◆ **What you have to do**:
In the entries below, the lines from the one with "#8172 = ORIENTED_EDGE" through the one with "#10647 = EDGE_CURVE" are to be copied exactly; both ends count.

Stored data:
┌──
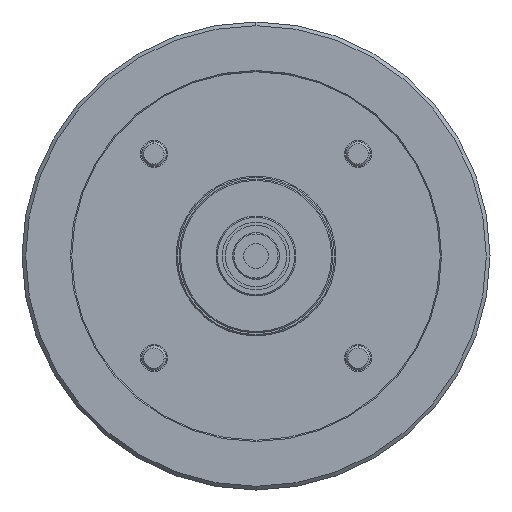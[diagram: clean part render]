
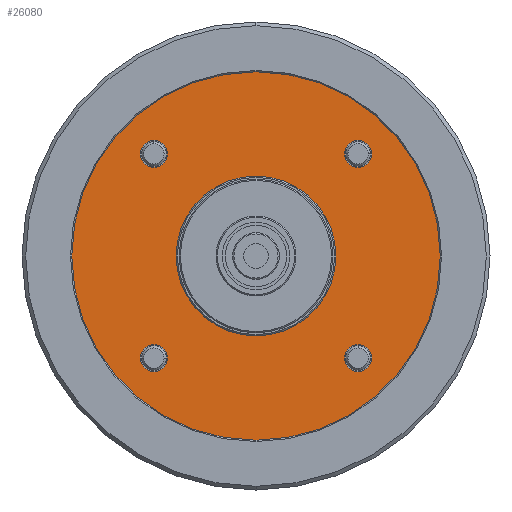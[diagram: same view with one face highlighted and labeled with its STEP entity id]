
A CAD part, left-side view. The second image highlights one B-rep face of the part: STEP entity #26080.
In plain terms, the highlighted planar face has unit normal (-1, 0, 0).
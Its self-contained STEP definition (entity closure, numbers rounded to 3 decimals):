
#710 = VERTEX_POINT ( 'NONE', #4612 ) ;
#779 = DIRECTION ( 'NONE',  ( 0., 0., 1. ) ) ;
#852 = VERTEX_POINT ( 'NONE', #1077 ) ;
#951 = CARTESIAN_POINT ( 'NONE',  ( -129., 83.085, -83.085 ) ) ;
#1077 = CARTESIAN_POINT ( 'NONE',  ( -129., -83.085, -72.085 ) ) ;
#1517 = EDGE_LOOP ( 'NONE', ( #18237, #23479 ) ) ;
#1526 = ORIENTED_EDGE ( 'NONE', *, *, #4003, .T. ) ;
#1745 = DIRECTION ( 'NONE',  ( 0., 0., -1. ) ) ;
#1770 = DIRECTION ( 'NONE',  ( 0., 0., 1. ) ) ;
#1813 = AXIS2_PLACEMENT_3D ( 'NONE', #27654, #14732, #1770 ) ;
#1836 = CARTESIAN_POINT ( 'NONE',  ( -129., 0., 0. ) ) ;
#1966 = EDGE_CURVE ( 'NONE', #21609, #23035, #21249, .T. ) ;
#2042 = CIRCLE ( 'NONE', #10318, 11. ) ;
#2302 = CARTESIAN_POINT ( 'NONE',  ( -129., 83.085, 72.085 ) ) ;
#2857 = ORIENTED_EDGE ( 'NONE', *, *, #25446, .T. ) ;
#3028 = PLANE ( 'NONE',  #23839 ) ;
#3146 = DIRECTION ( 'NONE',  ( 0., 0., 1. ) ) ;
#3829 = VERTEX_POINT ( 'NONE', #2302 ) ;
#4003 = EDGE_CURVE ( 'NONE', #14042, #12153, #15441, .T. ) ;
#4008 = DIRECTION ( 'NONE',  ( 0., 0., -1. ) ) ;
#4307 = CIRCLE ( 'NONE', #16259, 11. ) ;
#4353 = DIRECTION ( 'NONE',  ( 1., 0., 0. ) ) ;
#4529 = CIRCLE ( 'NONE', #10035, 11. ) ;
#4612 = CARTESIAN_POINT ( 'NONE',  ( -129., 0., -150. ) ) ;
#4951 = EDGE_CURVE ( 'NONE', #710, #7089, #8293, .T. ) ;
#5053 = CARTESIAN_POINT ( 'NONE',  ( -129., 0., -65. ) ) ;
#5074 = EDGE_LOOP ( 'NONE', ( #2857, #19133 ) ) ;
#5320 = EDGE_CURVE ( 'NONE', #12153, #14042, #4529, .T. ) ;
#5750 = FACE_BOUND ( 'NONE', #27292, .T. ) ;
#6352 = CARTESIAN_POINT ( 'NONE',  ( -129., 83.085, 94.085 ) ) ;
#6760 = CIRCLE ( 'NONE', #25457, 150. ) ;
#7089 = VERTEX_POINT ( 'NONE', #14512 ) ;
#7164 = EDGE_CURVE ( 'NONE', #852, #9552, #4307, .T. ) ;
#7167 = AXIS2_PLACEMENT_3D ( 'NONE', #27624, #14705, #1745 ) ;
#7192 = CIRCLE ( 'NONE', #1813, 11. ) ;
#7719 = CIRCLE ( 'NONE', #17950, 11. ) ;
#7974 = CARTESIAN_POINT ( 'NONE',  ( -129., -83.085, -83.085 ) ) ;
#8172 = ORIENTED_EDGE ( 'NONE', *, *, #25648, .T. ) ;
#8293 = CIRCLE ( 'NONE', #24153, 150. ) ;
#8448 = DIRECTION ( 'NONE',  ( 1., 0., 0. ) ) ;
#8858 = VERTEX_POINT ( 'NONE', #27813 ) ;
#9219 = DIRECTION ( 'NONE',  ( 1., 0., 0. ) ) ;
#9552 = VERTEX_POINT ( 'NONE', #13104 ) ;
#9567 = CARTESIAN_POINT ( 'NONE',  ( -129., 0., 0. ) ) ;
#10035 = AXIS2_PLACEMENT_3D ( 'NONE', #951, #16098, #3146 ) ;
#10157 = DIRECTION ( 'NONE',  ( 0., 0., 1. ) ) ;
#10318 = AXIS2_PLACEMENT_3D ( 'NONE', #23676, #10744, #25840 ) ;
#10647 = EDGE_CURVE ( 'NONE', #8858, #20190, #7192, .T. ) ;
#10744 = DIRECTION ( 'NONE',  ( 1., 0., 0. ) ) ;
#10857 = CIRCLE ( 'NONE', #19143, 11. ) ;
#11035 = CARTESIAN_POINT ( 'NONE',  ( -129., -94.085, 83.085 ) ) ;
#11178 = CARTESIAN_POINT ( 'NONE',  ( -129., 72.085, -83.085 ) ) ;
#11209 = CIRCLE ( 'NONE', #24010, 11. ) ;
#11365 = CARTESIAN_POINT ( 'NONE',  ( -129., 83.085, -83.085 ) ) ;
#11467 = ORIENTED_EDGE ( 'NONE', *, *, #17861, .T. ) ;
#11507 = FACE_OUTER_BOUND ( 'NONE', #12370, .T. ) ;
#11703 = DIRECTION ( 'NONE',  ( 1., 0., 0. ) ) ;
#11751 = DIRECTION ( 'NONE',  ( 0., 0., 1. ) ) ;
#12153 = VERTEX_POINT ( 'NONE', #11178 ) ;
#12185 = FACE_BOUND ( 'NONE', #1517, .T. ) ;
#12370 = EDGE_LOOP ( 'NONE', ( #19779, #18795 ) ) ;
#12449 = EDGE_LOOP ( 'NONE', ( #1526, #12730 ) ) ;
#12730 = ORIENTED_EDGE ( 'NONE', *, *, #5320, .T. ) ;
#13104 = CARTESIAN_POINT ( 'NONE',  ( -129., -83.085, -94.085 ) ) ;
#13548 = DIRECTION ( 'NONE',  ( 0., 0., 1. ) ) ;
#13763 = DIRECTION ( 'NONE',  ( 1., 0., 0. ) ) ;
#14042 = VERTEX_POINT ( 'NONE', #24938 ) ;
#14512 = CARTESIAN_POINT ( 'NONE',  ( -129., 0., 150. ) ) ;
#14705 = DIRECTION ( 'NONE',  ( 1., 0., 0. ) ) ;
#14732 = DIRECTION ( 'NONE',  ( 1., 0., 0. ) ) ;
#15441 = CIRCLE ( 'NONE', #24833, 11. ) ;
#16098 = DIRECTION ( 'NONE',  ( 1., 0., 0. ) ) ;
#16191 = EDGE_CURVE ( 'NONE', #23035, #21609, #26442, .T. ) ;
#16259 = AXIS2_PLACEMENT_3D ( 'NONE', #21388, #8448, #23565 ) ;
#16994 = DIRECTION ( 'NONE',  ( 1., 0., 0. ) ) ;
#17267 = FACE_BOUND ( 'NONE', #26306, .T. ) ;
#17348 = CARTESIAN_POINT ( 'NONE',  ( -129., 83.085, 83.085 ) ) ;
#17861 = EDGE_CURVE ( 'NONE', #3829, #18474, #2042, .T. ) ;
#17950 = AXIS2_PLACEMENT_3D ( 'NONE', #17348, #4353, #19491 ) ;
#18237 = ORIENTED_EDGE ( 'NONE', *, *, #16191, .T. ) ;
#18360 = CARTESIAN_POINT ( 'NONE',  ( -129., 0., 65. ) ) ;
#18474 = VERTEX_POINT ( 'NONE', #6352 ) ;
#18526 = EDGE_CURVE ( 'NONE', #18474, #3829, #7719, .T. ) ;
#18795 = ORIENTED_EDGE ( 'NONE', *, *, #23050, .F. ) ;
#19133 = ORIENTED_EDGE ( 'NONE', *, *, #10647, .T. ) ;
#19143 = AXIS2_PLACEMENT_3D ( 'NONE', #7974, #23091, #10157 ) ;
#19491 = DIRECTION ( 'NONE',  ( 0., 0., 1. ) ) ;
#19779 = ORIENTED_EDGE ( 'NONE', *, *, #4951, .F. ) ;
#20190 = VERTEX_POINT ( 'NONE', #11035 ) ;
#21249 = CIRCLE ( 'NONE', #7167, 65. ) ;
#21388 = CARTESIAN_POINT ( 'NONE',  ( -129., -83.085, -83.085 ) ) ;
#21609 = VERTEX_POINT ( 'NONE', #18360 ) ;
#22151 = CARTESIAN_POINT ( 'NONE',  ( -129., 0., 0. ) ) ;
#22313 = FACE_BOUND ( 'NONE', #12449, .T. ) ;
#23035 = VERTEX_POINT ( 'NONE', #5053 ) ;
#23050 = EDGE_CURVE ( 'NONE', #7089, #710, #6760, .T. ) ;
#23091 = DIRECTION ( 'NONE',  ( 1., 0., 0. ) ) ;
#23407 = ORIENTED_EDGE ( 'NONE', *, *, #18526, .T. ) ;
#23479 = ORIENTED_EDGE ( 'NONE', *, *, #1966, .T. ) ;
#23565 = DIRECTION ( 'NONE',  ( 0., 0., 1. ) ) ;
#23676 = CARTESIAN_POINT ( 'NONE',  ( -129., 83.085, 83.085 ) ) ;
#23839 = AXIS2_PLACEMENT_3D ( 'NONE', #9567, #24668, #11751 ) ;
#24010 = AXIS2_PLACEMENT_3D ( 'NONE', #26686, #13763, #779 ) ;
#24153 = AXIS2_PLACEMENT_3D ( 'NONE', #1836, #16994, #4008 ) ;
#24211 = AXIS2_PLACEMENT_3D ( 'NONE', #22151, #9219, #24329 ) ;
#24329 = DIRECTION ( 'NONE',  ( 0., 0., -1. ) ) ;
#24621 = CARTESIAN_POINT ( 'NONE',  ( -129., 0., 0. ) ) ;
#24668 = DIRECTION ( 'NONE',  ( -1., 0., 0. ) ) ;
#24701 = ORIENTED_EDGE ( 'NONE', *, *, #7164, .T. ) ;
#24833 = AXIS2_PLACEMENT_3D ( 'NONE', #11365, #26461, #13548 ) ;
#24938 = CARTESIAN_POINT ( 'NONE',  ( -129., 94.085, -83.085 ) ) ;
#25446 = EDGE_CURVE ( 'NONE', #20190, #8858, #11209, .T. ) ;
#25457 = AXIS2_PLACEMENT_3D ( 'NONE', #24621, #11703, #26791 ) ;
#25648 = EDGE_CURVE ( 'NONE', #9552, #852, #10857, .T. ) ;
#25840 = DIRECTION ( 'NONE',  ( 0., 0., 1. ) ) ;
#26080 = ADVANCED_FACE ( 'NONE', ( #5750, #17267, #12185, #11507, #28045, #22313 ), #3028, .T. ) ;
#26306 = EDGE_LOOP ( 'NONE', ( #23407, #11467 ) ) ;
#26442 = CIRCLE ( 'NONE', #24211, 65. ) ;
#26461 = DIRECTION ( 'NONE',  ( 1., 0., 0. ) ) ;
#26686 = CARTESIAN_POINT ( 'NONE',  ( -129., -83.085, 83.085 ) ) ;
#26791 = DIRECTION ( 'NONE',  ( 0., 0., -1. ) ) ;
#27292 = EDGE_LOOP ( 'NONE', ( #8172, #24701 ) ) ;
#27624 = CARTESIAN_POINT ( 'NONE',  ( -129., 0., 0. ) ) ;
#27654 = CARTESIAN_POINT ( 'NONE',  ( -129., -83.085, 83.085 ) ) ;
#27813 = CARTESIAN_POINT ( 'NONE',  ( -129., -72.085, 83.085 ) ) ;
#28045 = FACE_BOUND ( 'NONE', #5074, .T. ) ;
└──
◆ **Answer space**:
#8172 = ORIENTED_EDGE ( 'NONE', *, *, #25648, .T. ) ;
#8293 = CIRCLE ( 'NONE', #24153, 150. ) ;
#8448 = DIRECTION ( 'NONE',  ( 1., 0., 0. ) ) ;
#8858 = VERTEX_POINT ( 'NONE', #27813 ) ;
#9219 = DIRECTION ( 'NONE',  ( 1., 0., 0. ) ) ;
#9552 = VERTEX_POINT ( 'NONE', #13104 ) ;
#9567 = CARTESIAN_POINT ( 'NONE',  ( -129., 0., 0. ) ) ;
#10035 = AXIS2_PLACEMENT_3D ( 'NONE', #951, #16098, #3146 ) ;
#10157 = DIRECTION ( 'NONE',  ( 0., 0., 1. ) ) ;
#10318 = AXIS2_PLACEMENT_3D ( 'NONE', #23676, #10744, #25840 ) ;
#10647 = EDGE_CURVE ( 'NONE', #8858, #20190, #7192, .T. ) ;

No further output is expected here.